Joyful Jewish Wedding at the Mansion On Turner Hill in Ipswich, MA
This gorgeous Jewish wedding was a turning point in my life – and I don’t say that lightly. I debated even writing this post at all since it’s been years since this wedding and this couple had such an impact on me in some of my darkest hours…
But how can I not share something that made a difference in how I view love?
Lauren had seen the wedding photos I took at a classmate’s wedding the year before and reached out to me straight away because she wanted the type of genuine emotions she saw in those photos to be what she could see for the rest of her life in her photos. I met up with Lauren and Chet on a chilly day in Boston for their engagement session and we just connected. There was a joy for life and each other that existed between them that no one could disrupt and it was breathtaking. I began counting down the days until their wedding.
And then 2017 hit me, and it hit me hard – bulldozer and backhoe through a gorgeous Victorian home then doused in gasoline and set ablaze kinda hard. The months of September and October were a blur for me as I questioned my worth, my identity, my purpose and the very meaning of love. Lauren & Chet’s wedding was my last wedding of that season and I arrived onsite a cracking, hollow version of myself that felt ready to crumble at any given moment. I felt like a mere echo of life.

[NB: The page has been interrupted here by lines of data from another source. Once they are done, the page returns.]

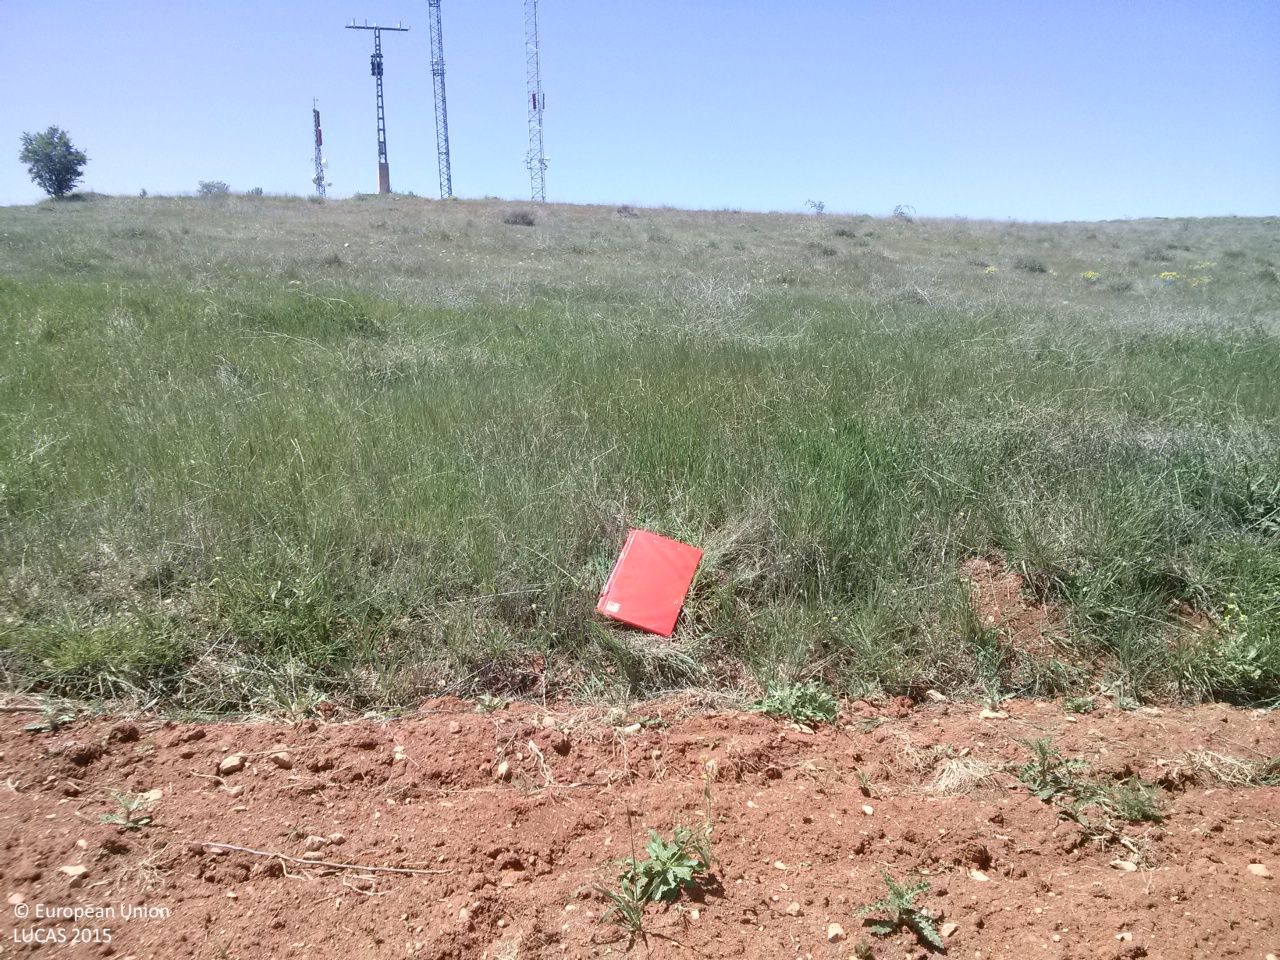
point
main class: Grassland
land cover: Spontaneously vegetated surfaces
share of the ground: 10 - 25 %
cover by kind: unconsolidated bare surface 85 %, herbaceous plants 15 %
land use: Fallow land
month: May
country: ES
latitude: 39.7846
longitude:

And then I saw love in a way I felt I had never seen before.
Lauren is the spice of life encapsulated into this tiny vibrant body. She greeted me in a cookie monster onesie in the gorgeous Mansion on Turner Hill absolutely beaming. Chet is the exclamation point to everything that deserves celebration – even small things that others may overlook. The two of them are an unstoppable pair. The way they looked at each other, adored each other, enjoyed each other, supported each other… There was something different I hadn’t seen or experienced quite like this – and they made me feel a part of the magic that was there.
There was just something about the way they gravitated to their differences as empowerment and how they beamed with pride for each other’s accomplishments and genuinely were their true selves with one another without a care in the world… I just had this overwhelming feeling that this is what it was supposed to look like and feel like when you love the right person. I felt like I hadn’t seen this exist, or maybe I had been blind to it for so long. I wasn’t able to process it all as it happened, but I still look back to this day and I know…
This was the day that hope wrapped its fingers around the last bits of my heart that believed in the existence of real, genuine love in this world – and it never let go.
So here we are, four years down the road. I have photographed more weddings with Lauren & Chet in attendance and relished in every bit of the presence of their joy. Lauren & Chet have celebrated moves and job changes and home ownership and receiving their respective PhDs. I’ve healed and grown and become more joyful and hopeful – and I’ve met the happiest, most loving and supportive man who celebrates all my quirks as much as I celebrate his, and I cannot wait for our wedding in September.
Lauren & Chet, cheers to the joy you bring everywhere you go – and for the hope that you placed in my life which brought a light in the darkest places and set me on the path to where I am today. My dearest “cookie monster bride” and her “Patriots loving husband” will forever have a place in my story. Thank you from the deepest part of my soul, lovelies.